He turned and looked away across the interminable flat. In mind he went over it the entire distance.
"I don't doubt but what the ground is firm by this time," he muttered, "but—Well, there's about one chance in a thousand that I nose them out! It's at least a hundred and twenty-five miles away by way of the river, and sixty, maybe a little more, across the flat. And I've still got my gun. Poor Dad!"
Lucky Jim started on a lope across the flat. Without a pound of grub.
Meanwhile, Chenoa Pete was complimenting his partner.
"I'll say you can handle a rope, Mike!" he declared admiringly. Then he laughed. "Damn if I ever saw anything so funny in all my life. I never did! One moment he was on the raft, and the next—haw, haw, haw! He went through the air like a fish on the end of a line!"

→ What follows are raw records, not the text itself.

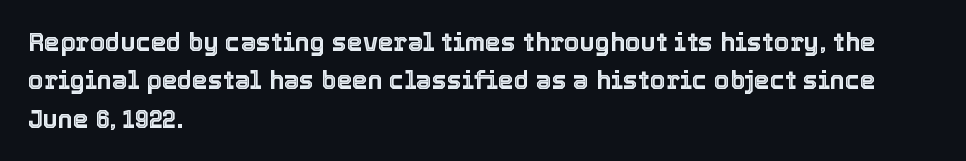
Q: Is the text italic (slanted)? A: No, it is upright.
Q: Is the text underlined? A: No.
Q: How is the paragraph aligned? A: Left-aligned.
Q: Is the spacing between letters normal or unusually wide? A: Normal.
Q: Is the spacing between lines tight, normal or loose? A: Normal.
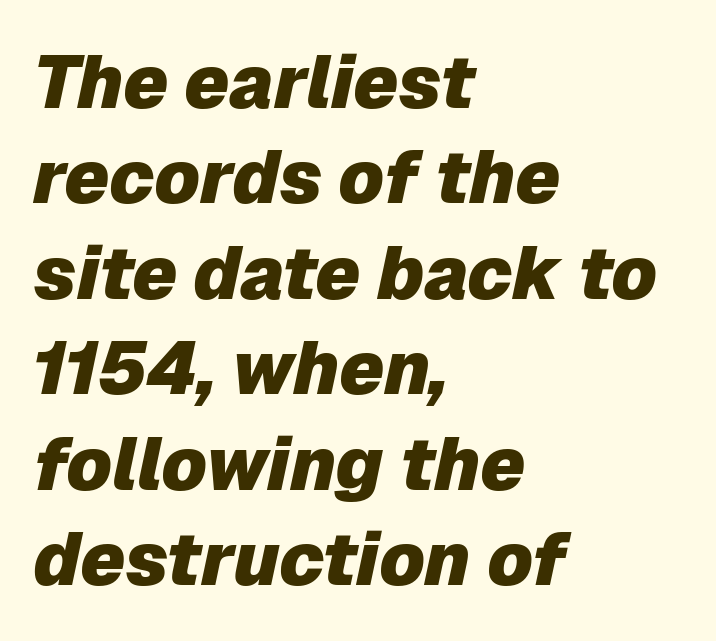
{"italic": "yes", "lean": "right", "slant_degrees": 12, "bold": "yes", "weight": "heavy", "width": "normal", "stroke_contrast": "low", "x_height": "medium", "monospaced": "no", "underline": "no", "align": "left", "line_spacing": "normal", "line_spacing_ratio": 1.29, "letter_spacing": "normal", "letter_spacing_em": 0.0, "glyph_px": 74}
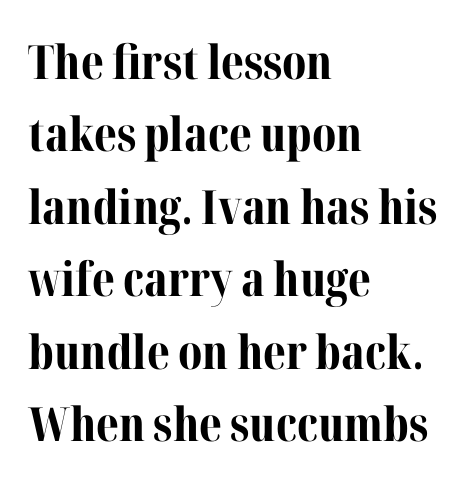
You could not count columns in this text — the font is proportionally spaced. Strong, thick strokes mark this as bold type. Each line starts at the same left margin while the right side varies. Regarding serifs, this sample has them.
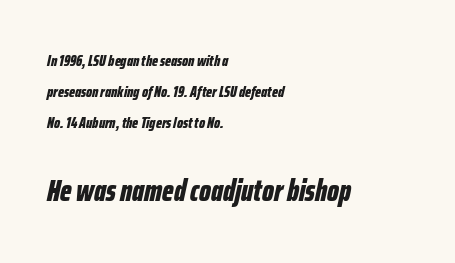
The image shows 31 px bold, condensed type, italic (leaning right); set left-aligned, loose line spacing (1.95x), normal letter spacing, not underlined; the second (bottom) block is 1.94x larger; low stroke contrast and a medium x-height.
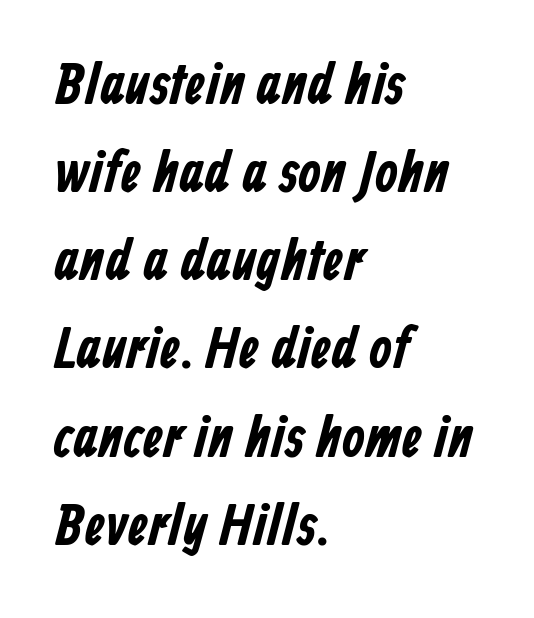
Q: Is the typeface a serif or a sans-serif typeface? A: Sans-serif.
Q: Is the text underlined? A: No.
Q: How is the paragraph aligned? A: Left-aligned.
Q: Is the spacing between letters normal or unusually wide? A: Normal.
Q: Is the spacing between lines tight, normal or loose? A: Normal.
Q: Width (condensed, normal, or wide)? A: Condensed.
Q: Stroke contrast? A: Low.
Q: x-height? A: Medium.
Q: Monospaced? A: No.
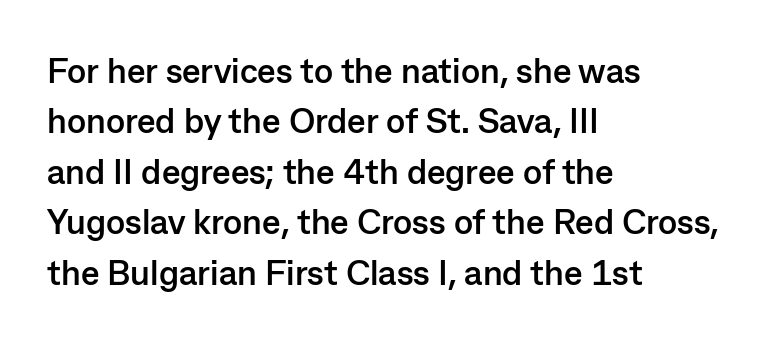
This sample is left-justified, so line endings fall wherever the words run out. Leading matches the norm, producing a regular column. The designer went with a sans here, leaving each stem footless. The baseline area is clear. Looks like regular typesetting: each glyph gets only the width it needs.
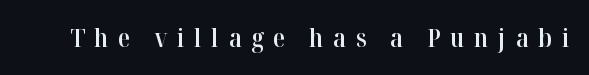
The image shows 25 px text type, upright; set unusually wide letter spacing (+0.39 em), not underlined.
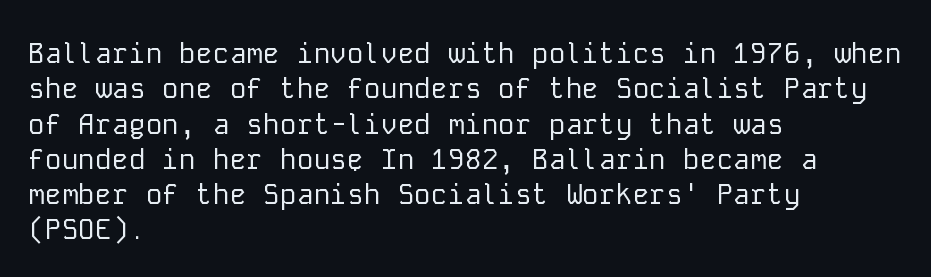
Nobody touched the tracking dial on this one. Alignment: flush left. The strokes are not fattened; the text isn't bold. The strip under each line holds only bare page. No italicization has been applied; the sample stays upright. Nothing sits at the stroke ends, so this counts as sans-serif.
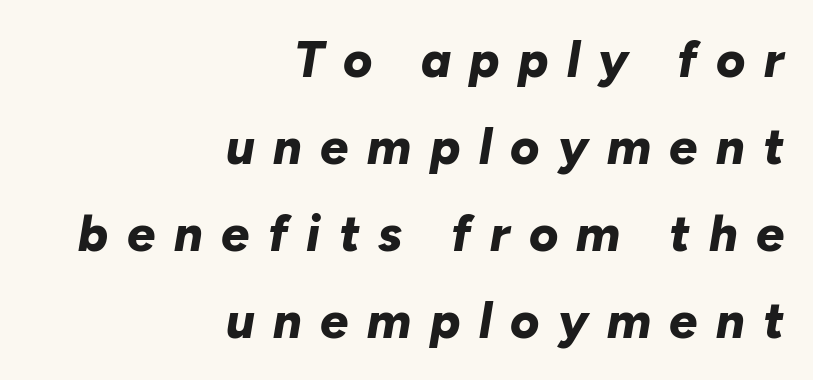
Q: Is the text bold? A: Yes.
Q: Is the text italic (slanted)? A: Yes, it leans right by about 10 degrees.
Q: Is the text underlined? A: No.
Q: How is the paragraph aligned? A: Right-aligned.
Q: Is the spacing between letters normal or unusually wide? A: Unusually wide.
Q: Width (condensed, normal, or wide)? A: Normal.
Q: Stroke contrast? A: Low.
Q: x-height? A: Medium.
Q: Monospaced? A: No.
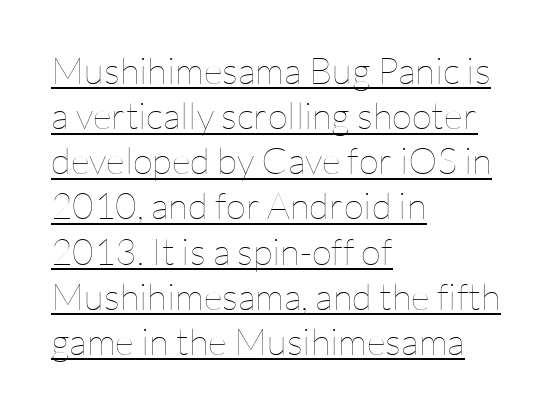
Q: Is the text bold? A: No.
Q: Is the text italic (slanted)? A: No, it is upright.
Q: Is the text underlined? A: Yes.
Q: How is the paragraph aligned? A: Left-aligned.
Q: Is the spacing between letters normal or unusually wide? A: Normal.
Q: Width (condensed, normal, or wide)? A: Normal.
Q: Stroke contrast? A: Low.
Q: x-height? A: Medium.
Q: Monospaced? A: No.
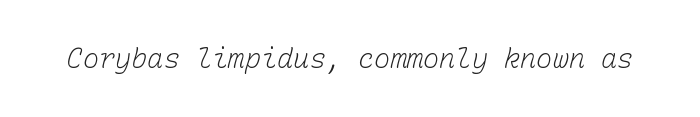
Q: Is the text bold? A: No.
Q: Is the text underlined? A: No.
Q: Is the spacing between letters normal or unusually wide? A: Normal.
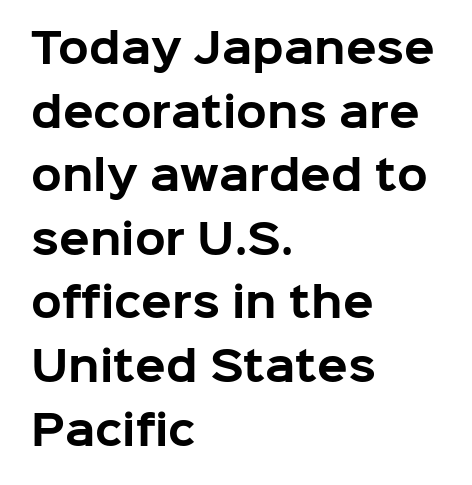
The image shows 40 px bold sans-serif type, upright; set left-aligned, normal line spacing (1.59x), normal letter spacing, not underlined; low stroke contrast and a medium x-height.
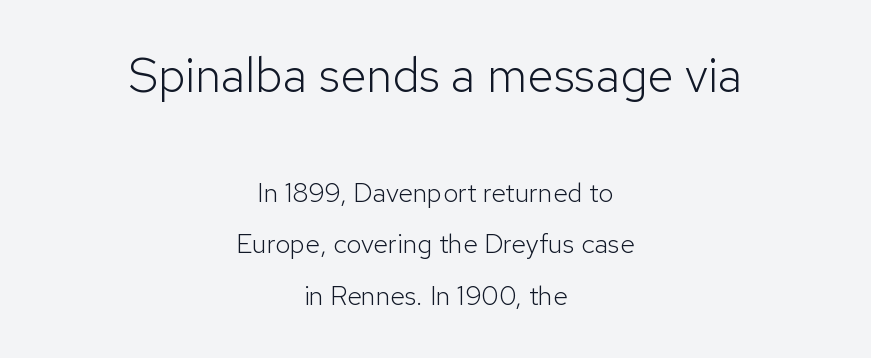
Q: Is the text bold? A: No.
Q: Is the text italic (slanted)? A: No, it is upright.
Q: Is the typeface a serif or a sans-serif typeface? A: Sans-serif.
Q: Is the text underlined? A: No.
Q: How is the paragraph aligned? A: Centered.
Q: Is the spacing between letters normal or unusually wide? A: Normal.
Q: Is the spacing between lines tight, normal or loose? A: Loose.
Q: Which block of text is set in a larger size, the first (top) or the second (bottom)? A: The first (top) one.
Q: Width (condensed, normal, or wide)? A: Normal.
Q: Stroke contrast? A: Low.
Q: x-height? A: Medium.
Q: Monospaced? A: No.
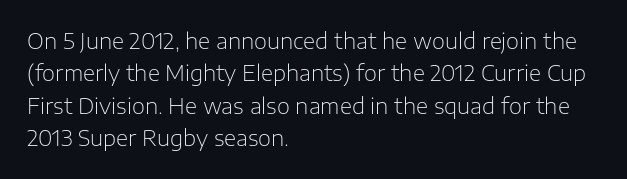
{"italic": "no", "bold": "no", "underline": "no", "align": "left", "line_spacing": "normal", "line_spacing_ratio": 1.54, "letter_spacing": "normal", "letter_spacing_em": 0.0, "glyph_px": 21}
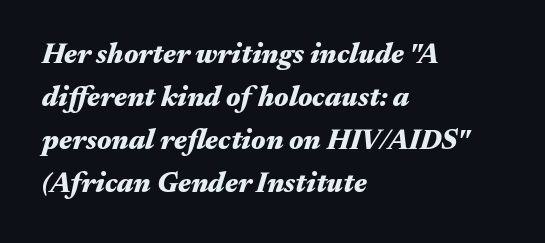
{"italic": "yes", "lean": "right", "slant_degrees": 17, "bold": "yes", "weight": "heavy", "width": "wide", "stroke_contrast": "medium", "x_height": "medium", "monospaced": "no", "underline": "no", "align": "left", "line_spacing": "normal", "line_spacing_ratio": 1.54, "letter_spacing": "normal", "letter_spacing_em": 0.0, "glyph_px": 28}

"At first," returned Mike, highly elated with the success of his exploit, "I meant to drop it around his neck. Then says I to myself, I won't get but the one chance, so I made the loop bigger and dropped it around his body."
"It was pretty work. Of course, I'd have got him with the rifle if you had missed, but I'm leary about rivers. I remember one time a guy in the upper country shot his three partners comin' down the Yukon in a small boat and buried them on an island. Next year along comes the old river and washes half that island away and turns the three guys loose on the current. The Mounted Police finally picked them up, and two years later there was a hangin' in Dawson. Believe me, Mike, Alaska is a hard country to get out of, if you're wanted!"
"It is," Mike Haggart agreed. "But we ain't goin' out. Nome will be good enough for us this winter."
"Anywhere along the lower river."
They then hefted Lucky Jim's pokes of dust, and guessed and guessed again at the value of their contents.